An overview of the CUJET model: Jet Flavor Tomography applied at RHIC and LHC

TL;DR

This paper reviews the CUJET Monte Carlo model for jet flavor tomography, which predicts jet quenching patterns and nuclear modification factors at RHIC and LHC, revealing novel features and the impact of running coupling effects.

Contribution

It introduces and applies the CUJET model to predict jet flavor and centrality dependence of R_AA, highlighting new features like level crossing patterns and the effects of running coupling on jet energy loss.

Findings

Predicted a level crossing pattern in R_AA for different jet flavors.

Showed that running coupling effects lead to a non-trivial constant jet energy loss behavior.
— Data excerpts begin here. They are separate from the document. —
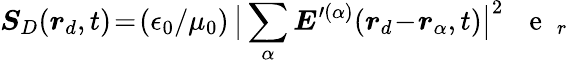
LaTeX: \boldsymbol{S}_{D}(\boldsymbol{r}_{d},t)\! =\! (\epsilon_{0}/\mu_{0})\, \big|\sum_{\alpha}\boldsymbol{E}^{\prime(\alpha)}(\boldsymbol{r}_{d}\! -\! \boldsymbol{r}_{\alpha},t)\big|^{2}\, \mathrm{~\textbf~{~e~}~}_{r}
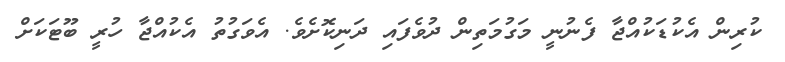
ކުރިން އެކުޑަކުއްޖާ ފެނުނީ މަގުމަތިން ދުވެފައި ދަނިކޮށެވެ. އެވަގުތު އެކުއްޖާ ހުރީ ބޫޓަކަށް
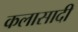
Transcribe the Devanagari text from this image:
कलासादी
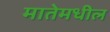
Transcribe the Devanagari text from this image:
मातेमधील
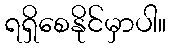
ရရှိစေနိုင်မှာပါ။
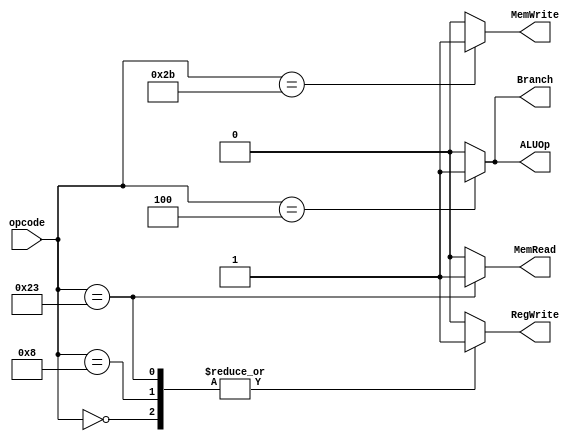
module control_unit(
    input [6:0] opcode,
    output reg RegWrite,
    output reg MemWrite,
    output reg MemRead,
    output reg Branch,
    output reg ALUOp
);

always @(*)
begin
    case(opcode)
        6'b000000: // R-type
            begin
                RegWrite = 1;
                MemWrite = 0;
                MemRead = 0;
                Branch = 0;
                ALUOp = 2'b10;
            end
        6'b001000: // ADDI
            begin
                RegWrite = 1;
                MemWrite = 0;
                MemRead = 0;
                Branch = 0;
                ALUOp = 2'b00;
            end
        6'b100011: // LW
            begin
                RegWrite = 1;
                MemWrite = 0;
                MemRead = 1;
                Branch = 0;
                ALUOp = 2'b00;
            end
        6'b101011: // SW
            begin
                RegWrite = 0;
                MemWrite = 1;
                MemRead = 0;
                Branch = 0;
                ALUOp = 2'b00;
            end
        6'b000100: // BEQ
            begin
                RegWrite = 0;
                MemWrite = 0;
                MemRead = 0;
                Branch = 1;
                ALUOp = 2'b01;
            end
        default: // Invalid opcode
            begin
                RegWrite = 0;
                MemWrite = 0;
                MemRead = 0;
                Branch = 0;
                ALUOp = 2'b00;
            end
    endcase
end

endmodule
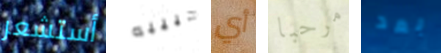
أستشعر حبيبه أي مرحبا بعد
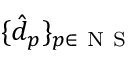
\{ \hat { d } _ { p } \} _ { p \in \ensuremath { \mathrm { ~ N ~ S ~ } } }
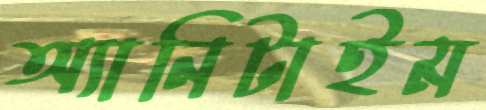
অ্যানিটাইম
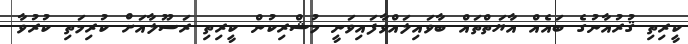
ކީރިތި ޤުރުއާނުގެ ބައެއް އާޔަތްތައް ބާވައިލައްވާފައިވަނީ މުޝްރިކުން ކީރިތި ރަސޫލާއަށް ކުރިމަތި ކުރުވާ
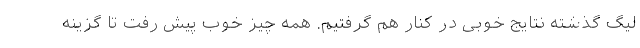
لیگ گذشته نتایج خوبی در کنار هم گرفتیم. همه چیز خوب پیش رفت تا گزینه
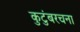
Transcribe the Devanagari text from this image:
कुटुंबरचना
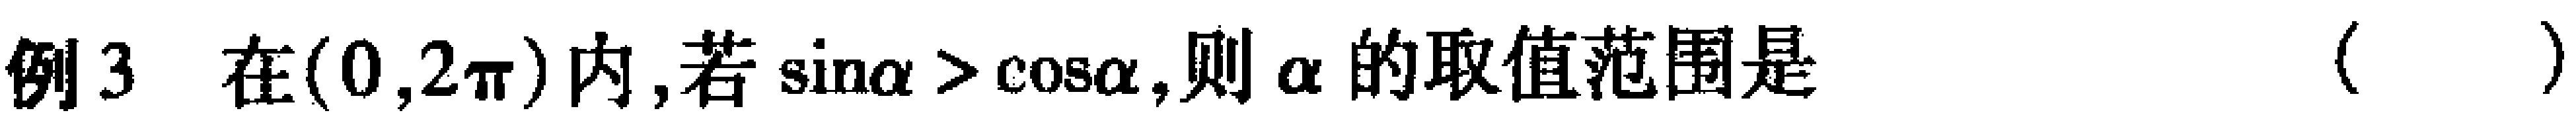
例3 在\((0,2\pi)\)内,若\(\sin\alpha > \cos\alpha\),则\(\alpha\)的取值范围是（  ）
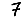
Digit: 7
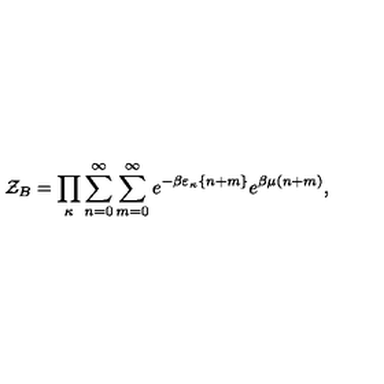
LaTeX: { \cal Z } _ { B } = \prod _ { \kappa } \sum _ { n = 0 } ^ { \infty } \sum _ { m = 0 } ^ { \infty } e ^ { - \beta \varepsilon _ { \kappa } \{ n + m \} } e ^ { \beta \mu ( n + m ) } ,
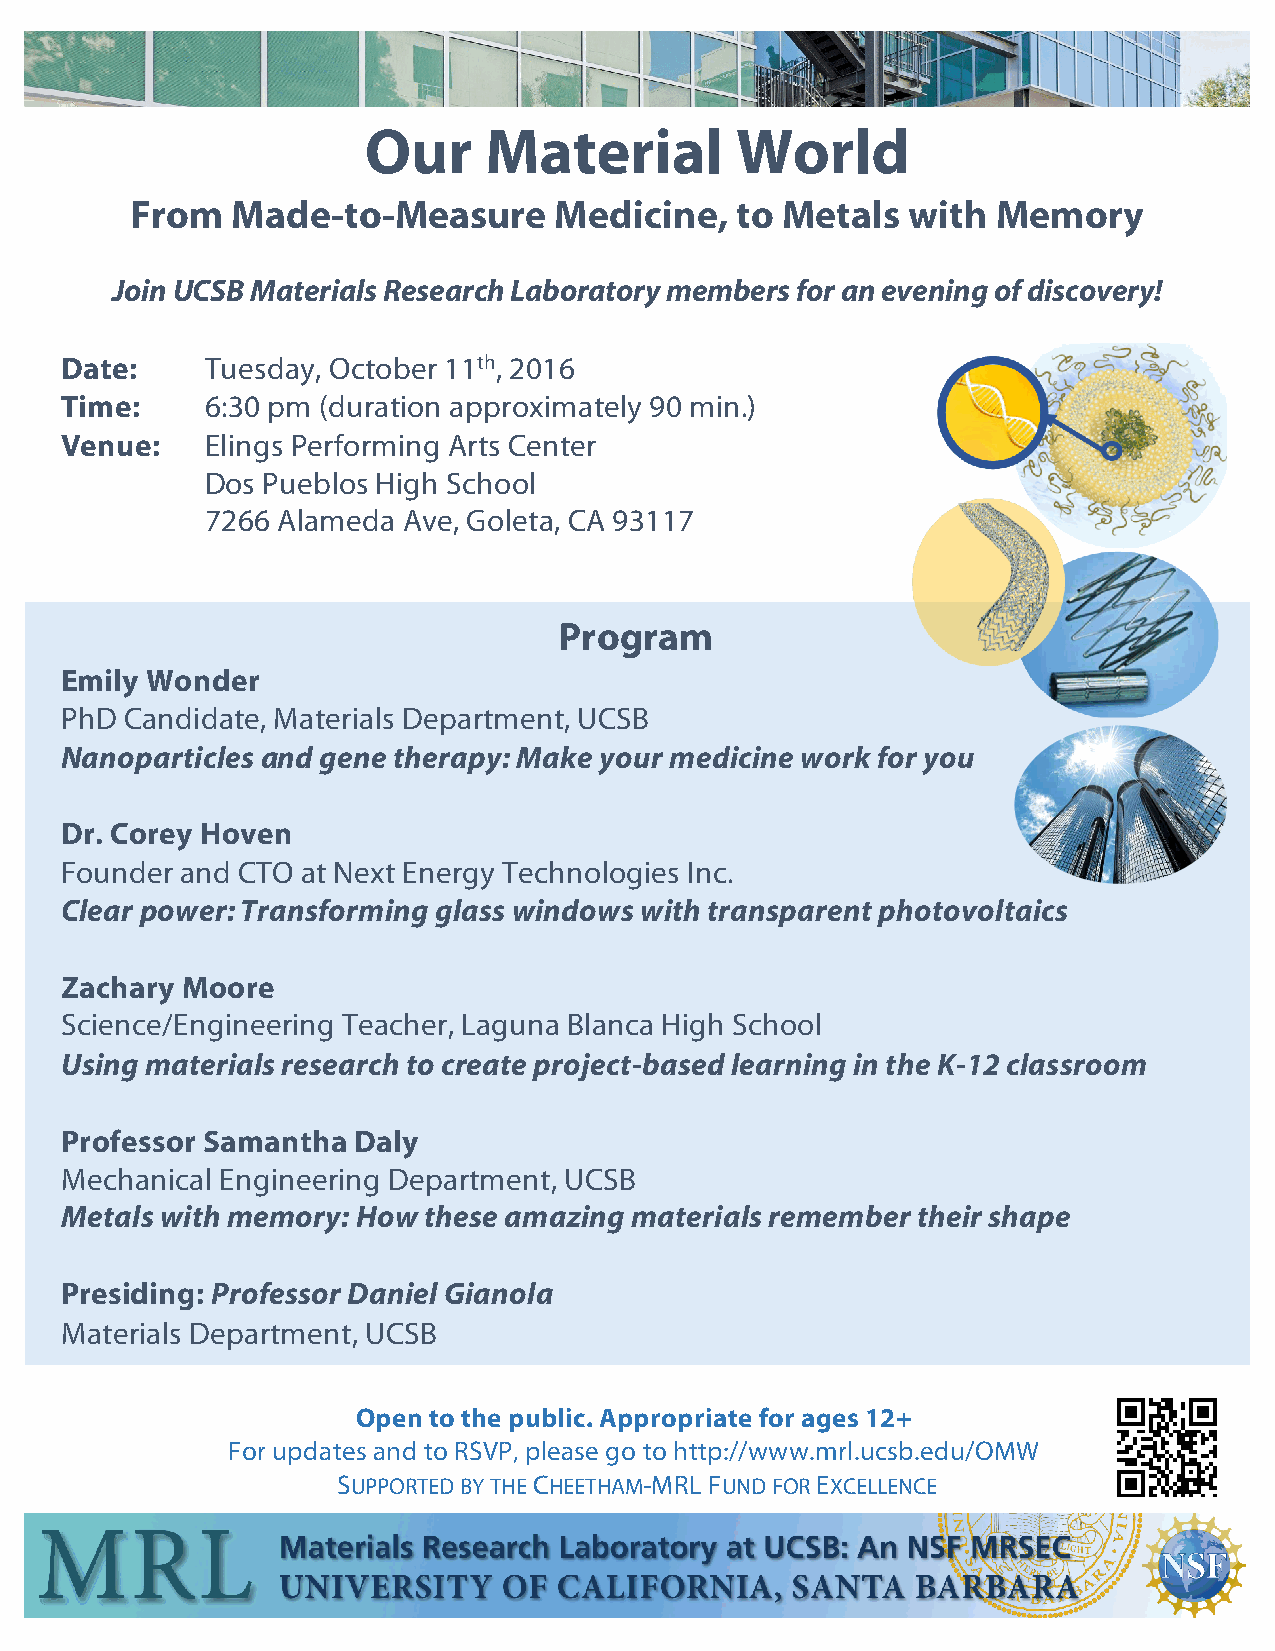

Demonstrated the model's ability to discriminate between different jet-medium interaction models.

Abstract

Jet Flavor Tomography is a powerful tool used to probe the properties of Quark Gluon Plasma formed in heavy ion collisions at RHIC and LHC. A new Monte Carlo model of jet quenching developed at Columbia University, CUJET, was applied to predict the jet flavor and centrality dependence of the nuclear modification factor $R_{AA}$. The predictions for fragments $f=\pi,D,B,e$, derived from quenched jet flavors $a=g,u,c,b$ in central and peripheral collisions at RHIC and LHC, exhibit novel features such as a level crossing pattern in $R_{AA\rightarrow a\rightarrow f}$ over a broad transverse momentum range which can test jet-medium dynamics in quark gluon plasmas and help discriminate between current energy loss models. Furthermore, the inclusion of running coupling effects seems to change the jet energy dependence of the jet energy loss to a non trivial constant behavior, with a visible impact on the predictions for $R_{AA}$.